*** Data to use Section Begins ***

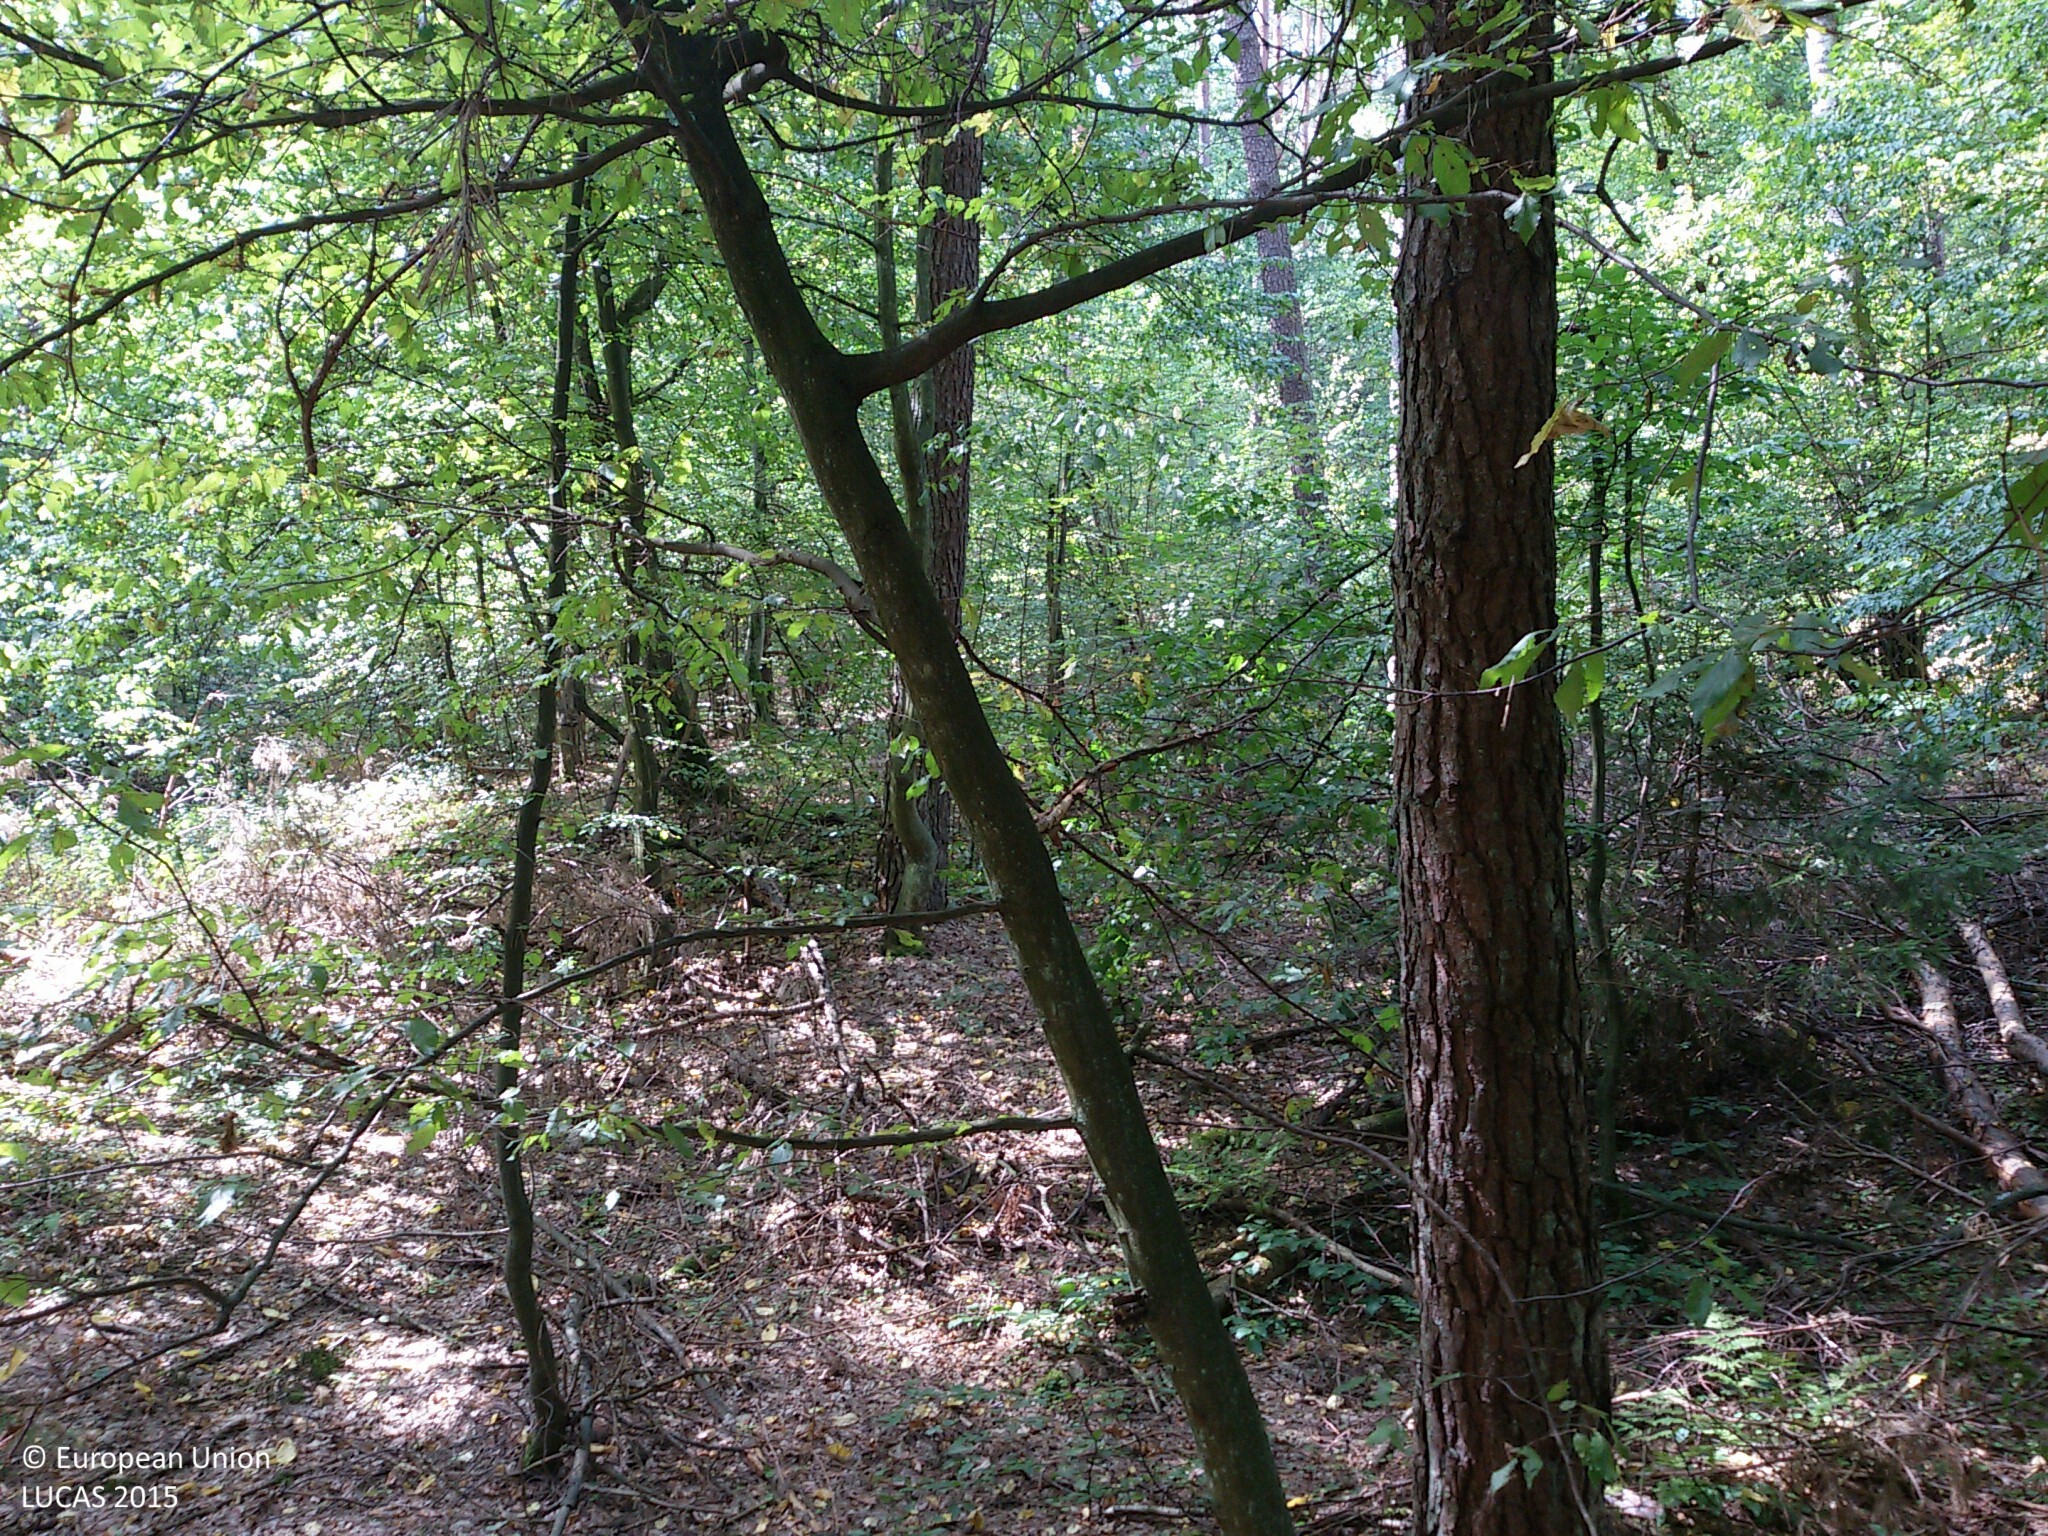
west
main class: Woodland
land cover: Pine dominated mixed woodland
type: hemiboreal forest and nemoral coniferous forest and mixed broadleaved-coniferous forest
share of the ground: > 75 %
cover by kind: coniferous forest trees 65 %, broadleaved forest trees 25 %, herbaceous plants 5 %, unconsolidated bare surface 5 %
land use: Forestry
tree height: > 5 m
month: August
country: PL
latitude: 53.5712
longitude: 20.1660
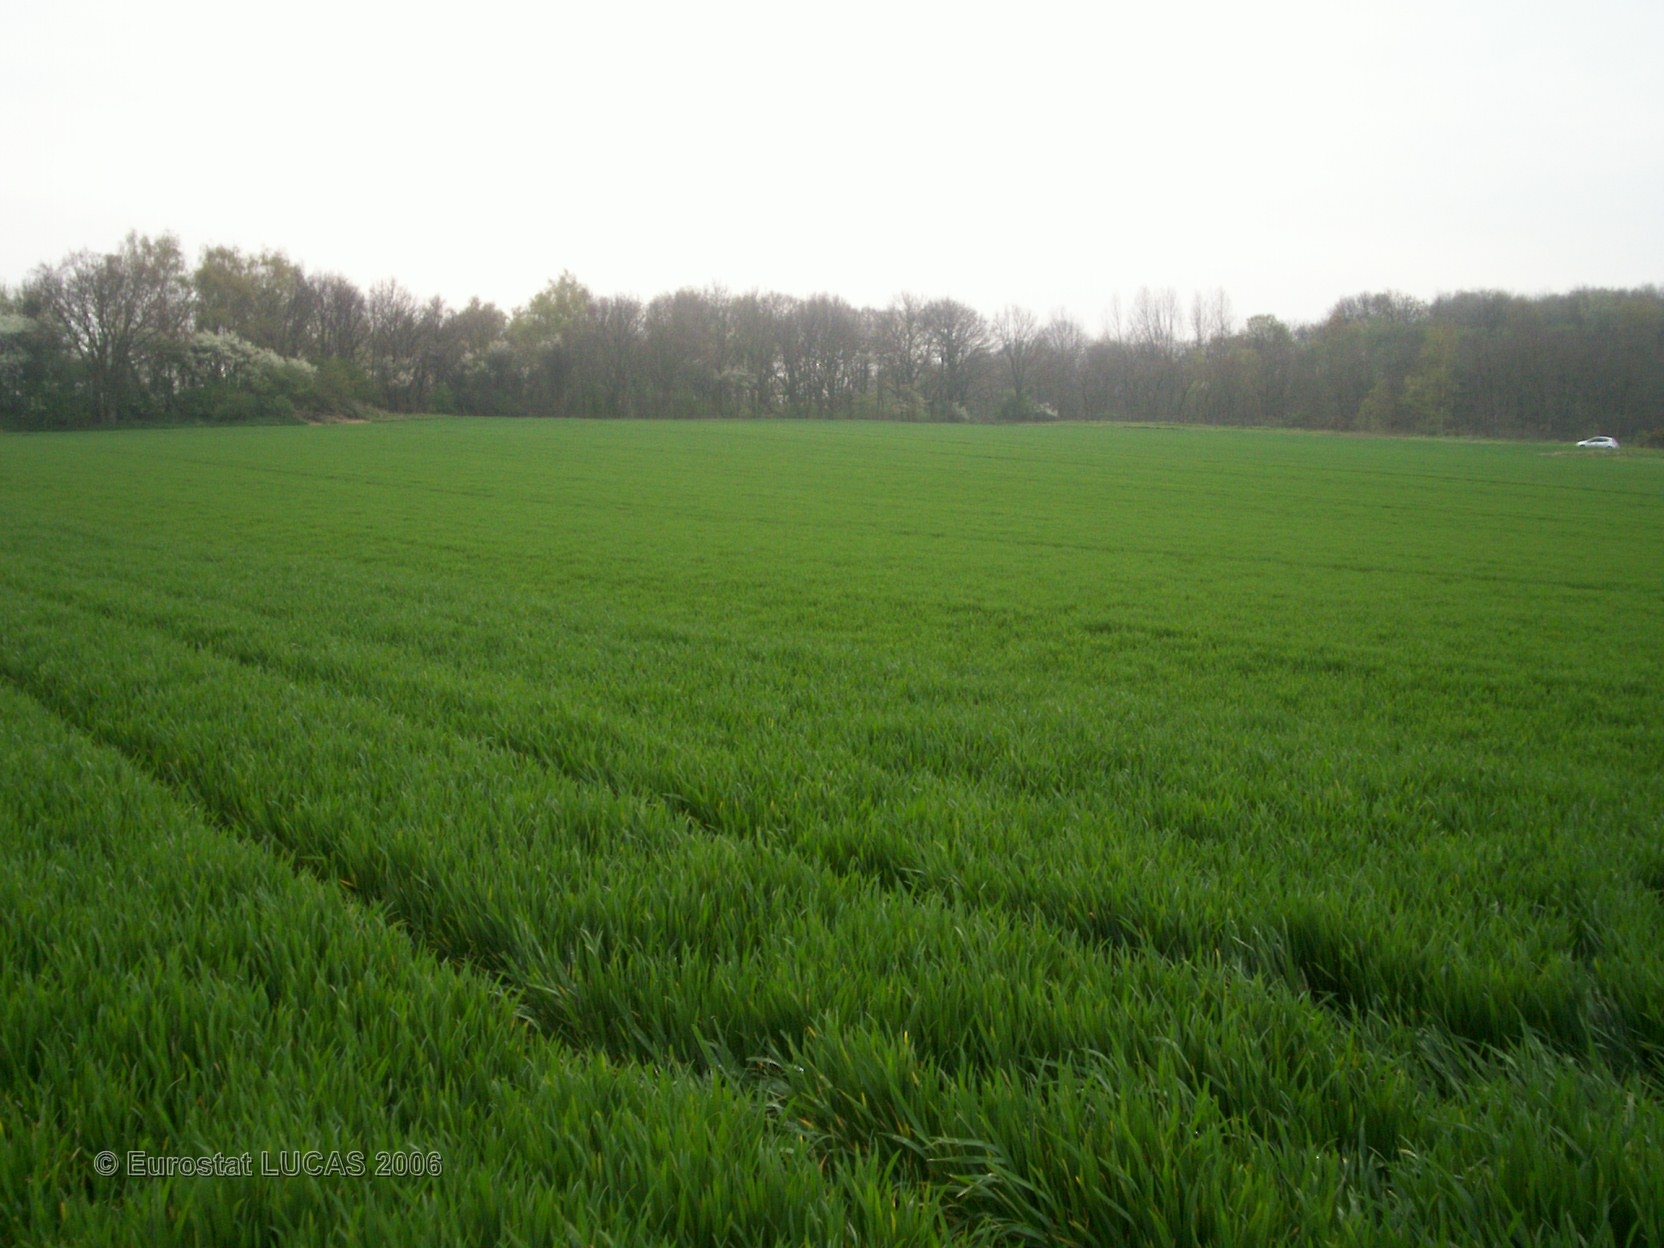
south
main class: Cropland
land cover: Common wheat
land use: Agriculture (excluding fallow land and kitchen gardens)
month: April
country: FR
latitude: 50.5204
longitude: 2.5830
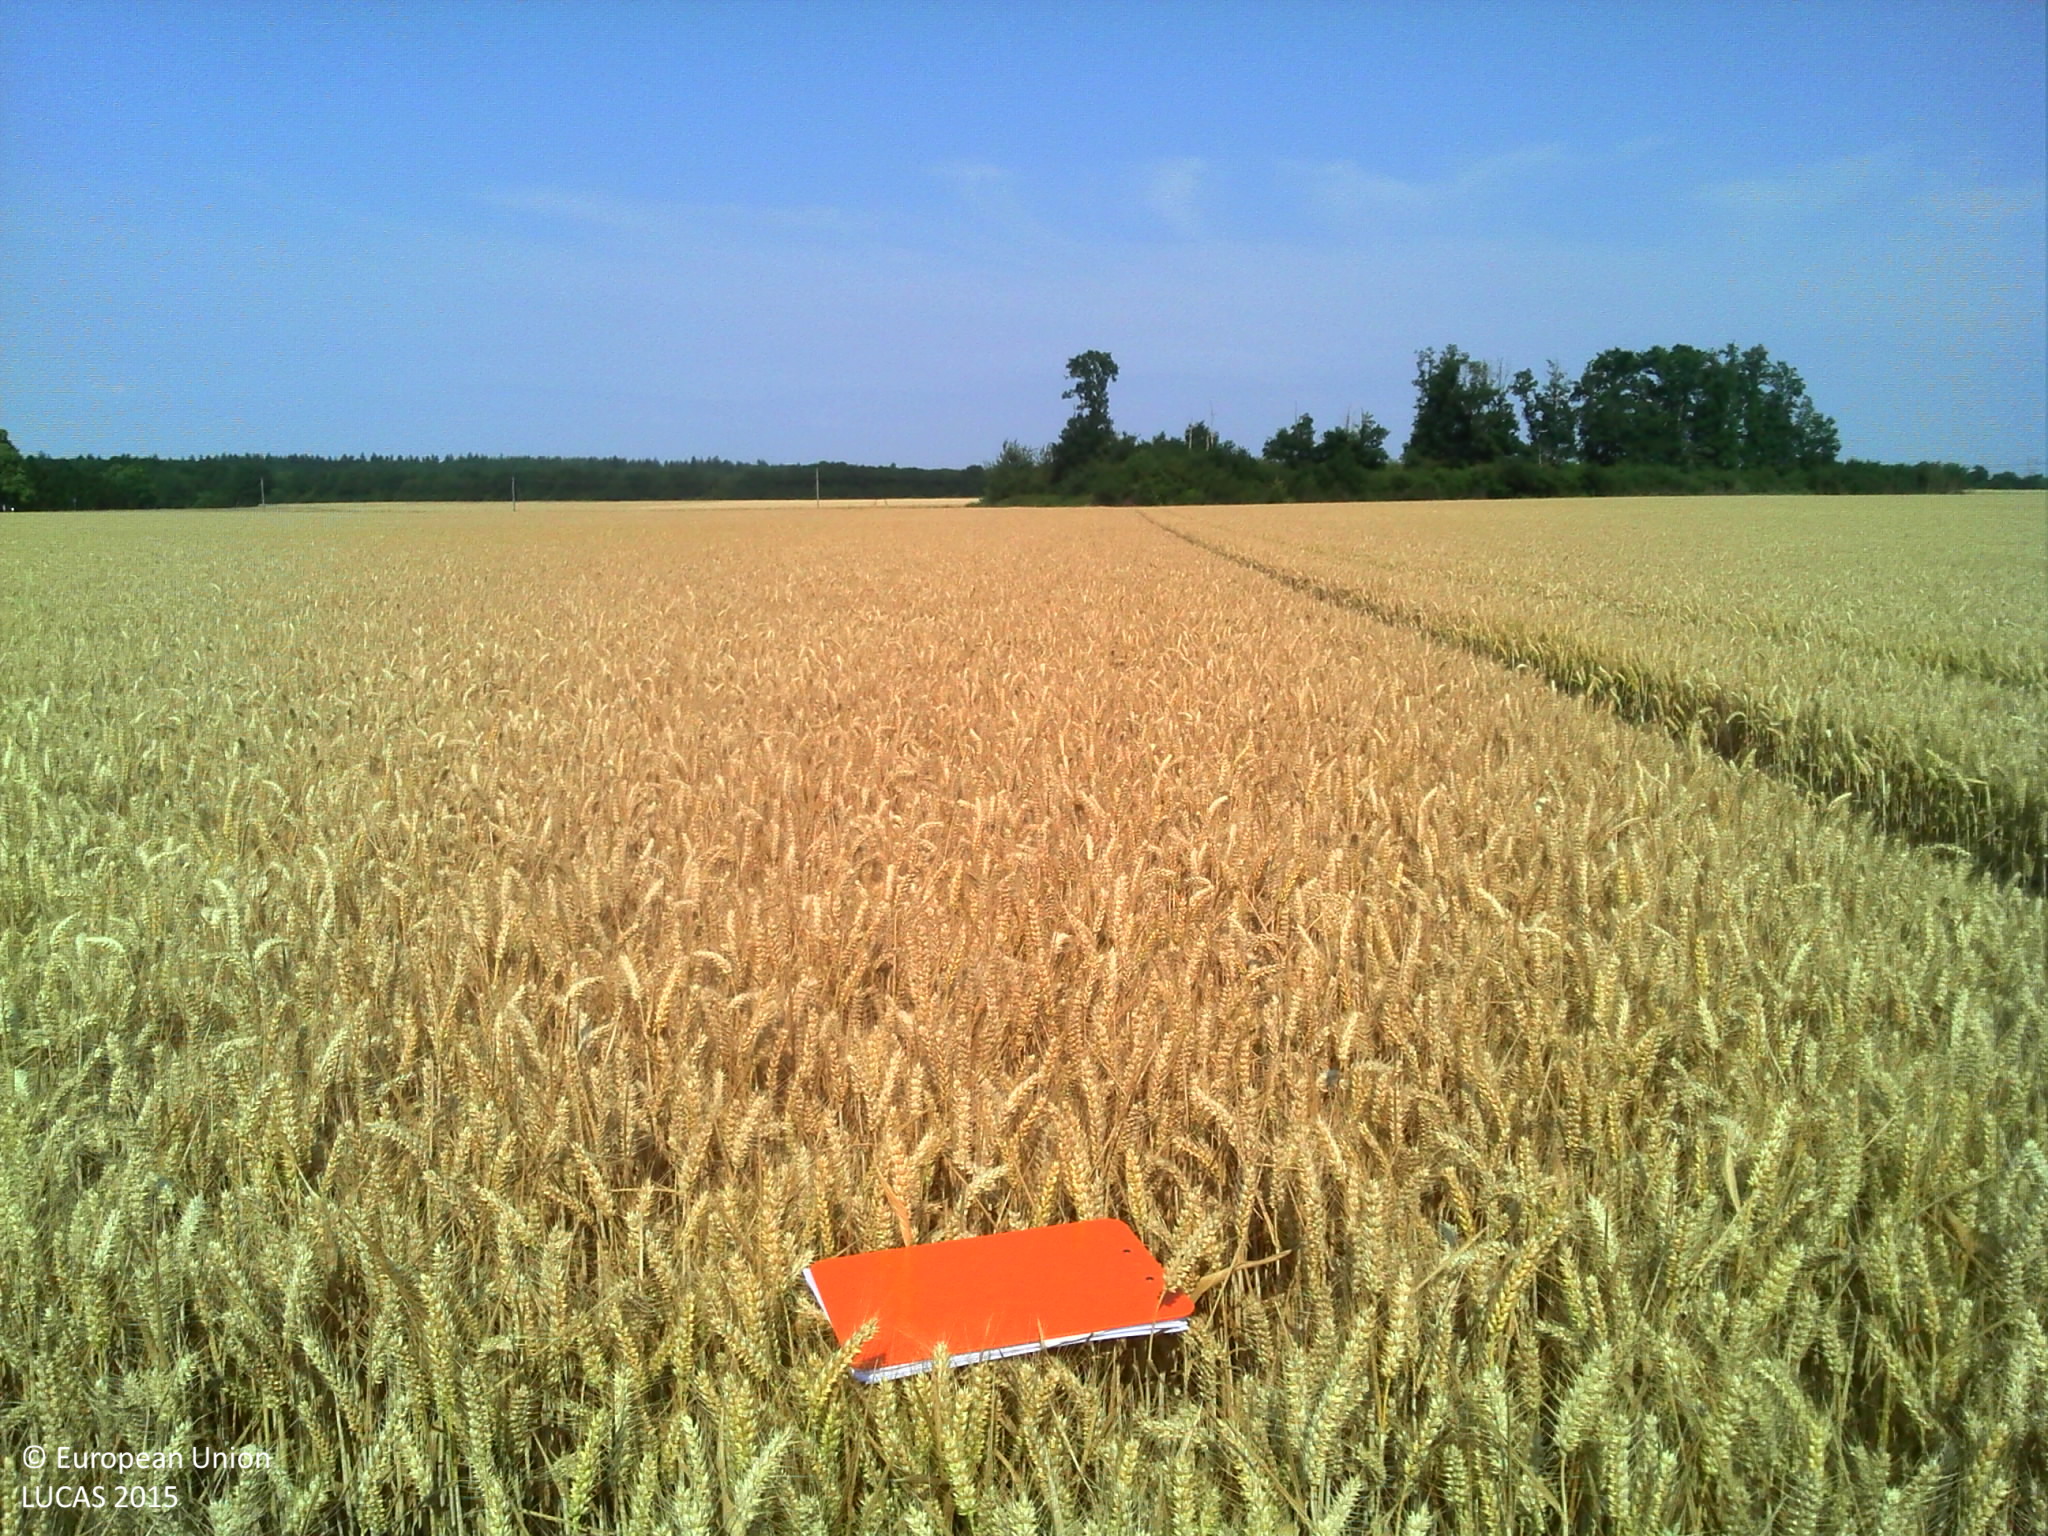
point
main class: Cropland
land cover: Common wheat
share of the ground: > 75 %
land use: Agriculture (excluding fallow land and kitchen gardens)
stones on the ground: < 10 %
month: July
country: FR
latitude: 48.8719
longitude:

*** Data to use Section Ends ***

* _Required action_
What you print must match the entries exactly, except that no pictures appear.

* _Answer section_
west
main class: Woodland
land cover: Pine dominated mixed woodland
type: hemiboreal forest and nemoral coniferous forest and mixed broadleaved-coniferous forest
share of the ground: > 75 %
cover by kind: coniferous forest trees 65 %, broadleaved forest trees 25 %, herbaceous plants 5 %, unconsolidated bare surface 5 %
land use: Forestry
tree height: > 5 m
month: August
country: PL
latitude: 53.5712
longitude: 20.1660
south
main class: Cropland
land cover: Common wheat
land use: Agriculture (excluding fallow land and kitchen gardens)
month: April
country: FR
latitude: 50.5204
longitude: 2.5830
point
main class: Cropland
land cover: Common wheat
share of the ground: > 75 %
land use: Agriculture (excluding fallow land and kitchen gardens)
stones on the ground: < 10 %
month: July
country: FR
latitude: 48.8719
longitude:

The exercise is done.